(Recorded data)
********************

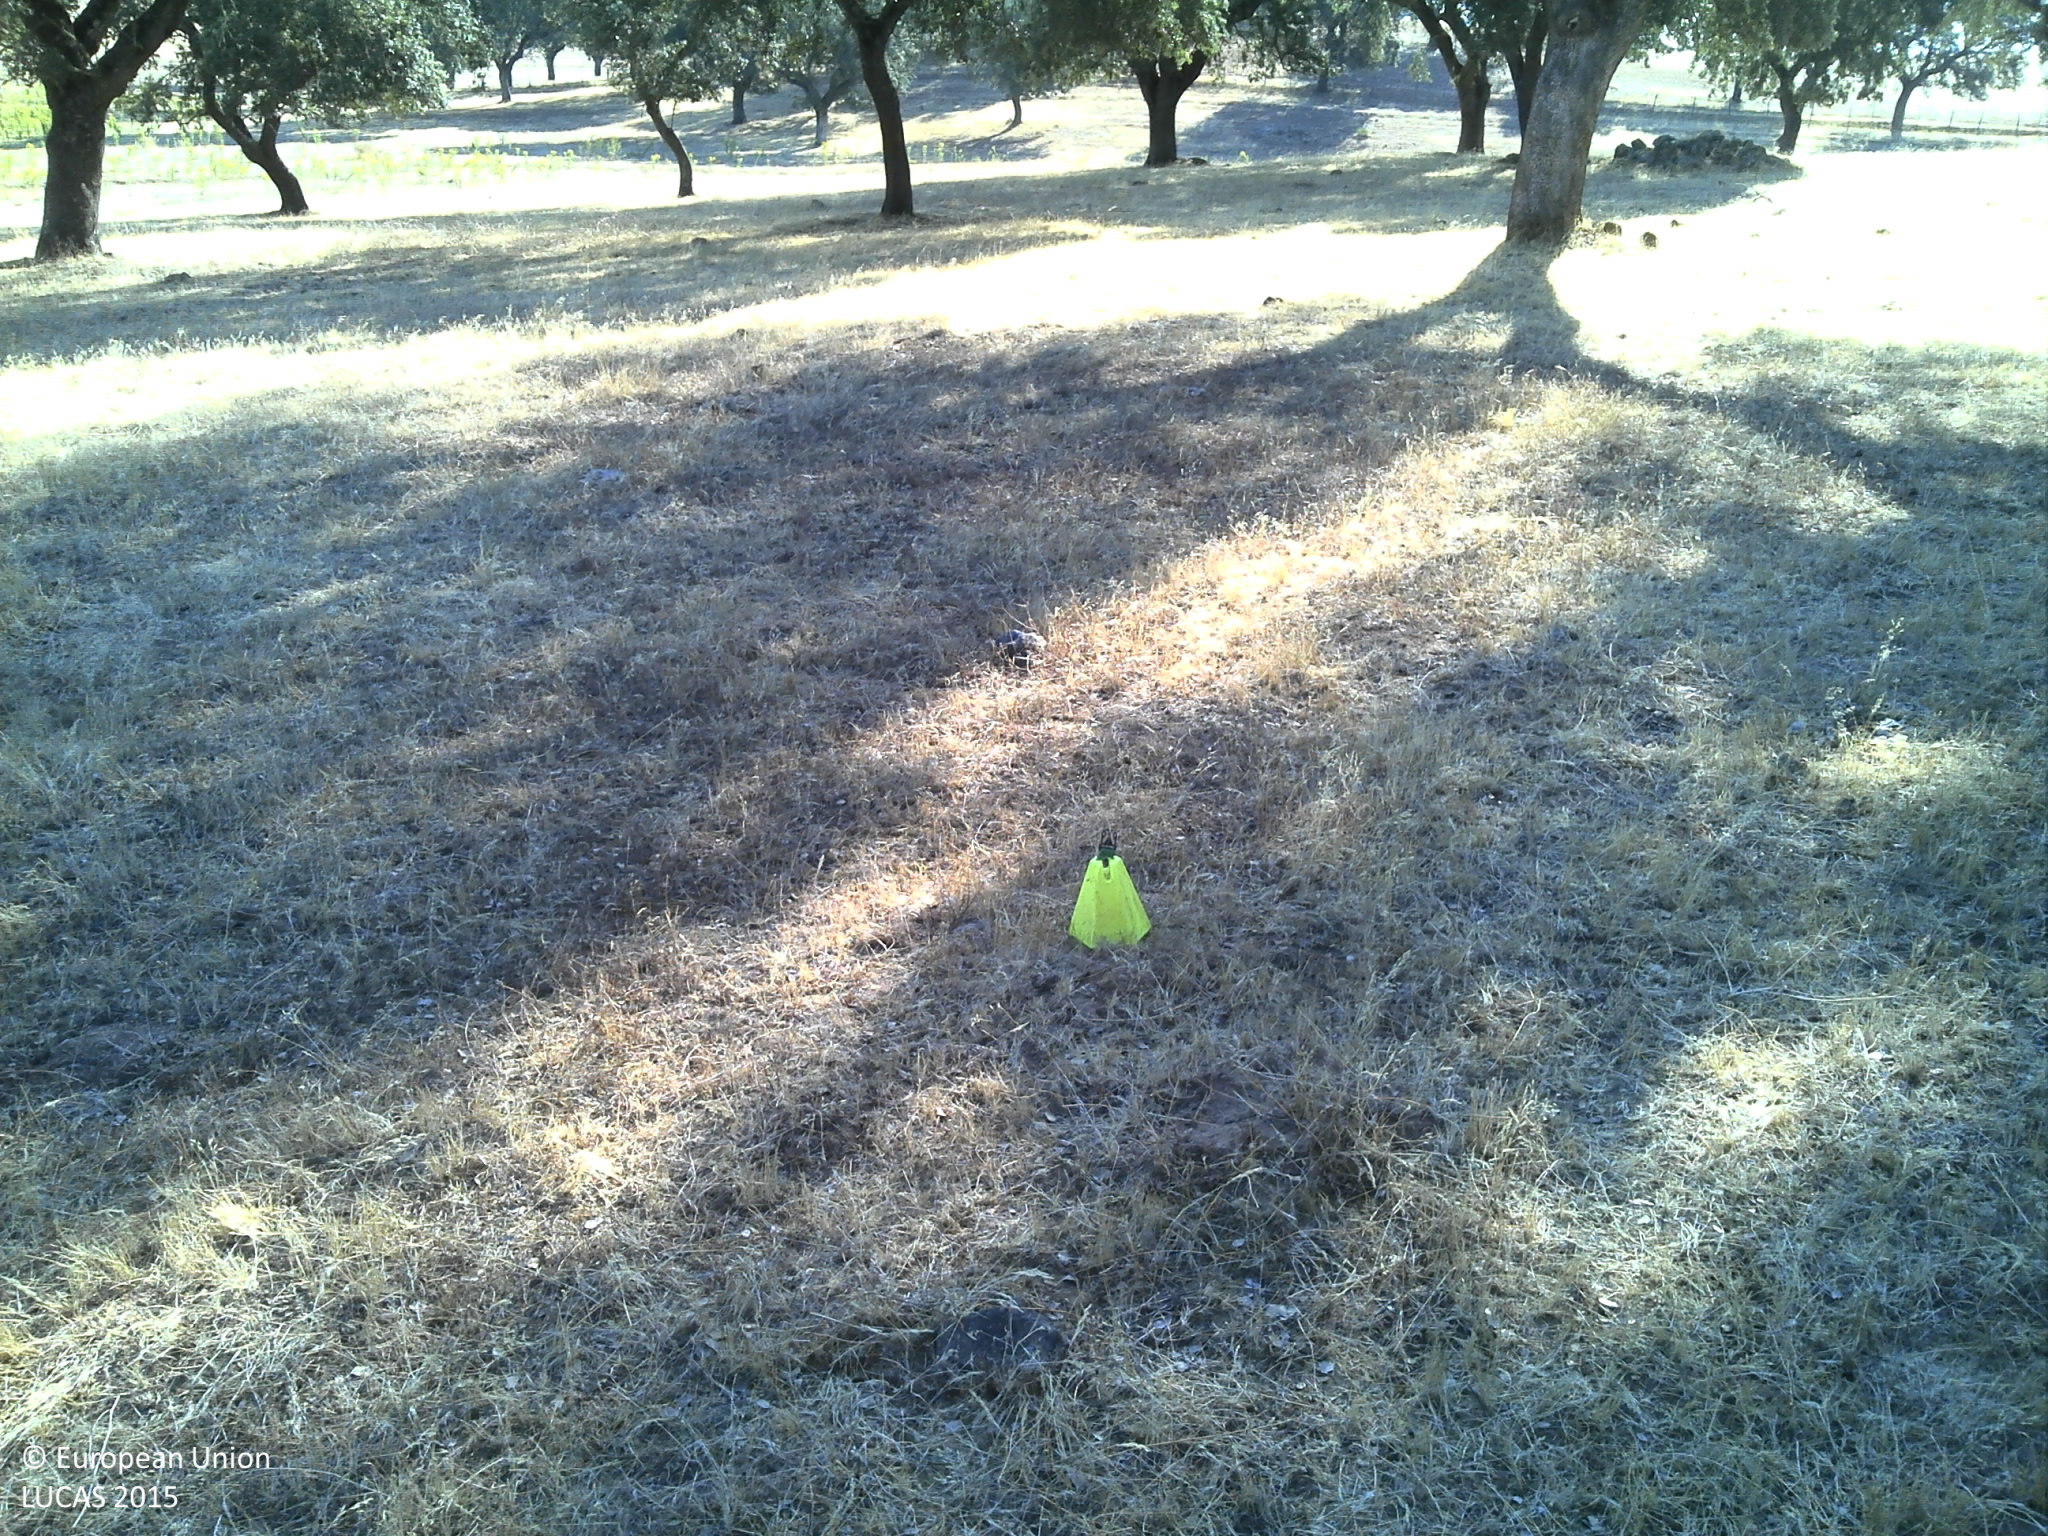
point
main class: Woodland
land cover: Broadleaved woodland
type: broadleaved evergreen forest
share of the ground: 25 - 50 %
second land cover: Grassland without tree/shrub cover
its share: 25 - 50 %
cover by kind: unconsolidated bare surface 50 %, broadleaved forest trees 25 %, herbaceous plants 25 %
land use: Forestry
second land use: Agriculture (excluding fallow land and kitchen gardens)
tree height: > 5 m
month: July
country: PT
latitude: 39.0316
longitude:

********************

## The problem
Using the records above, find the number of lines that contain the string "cover", and give that number without further comment.

## Answer space
3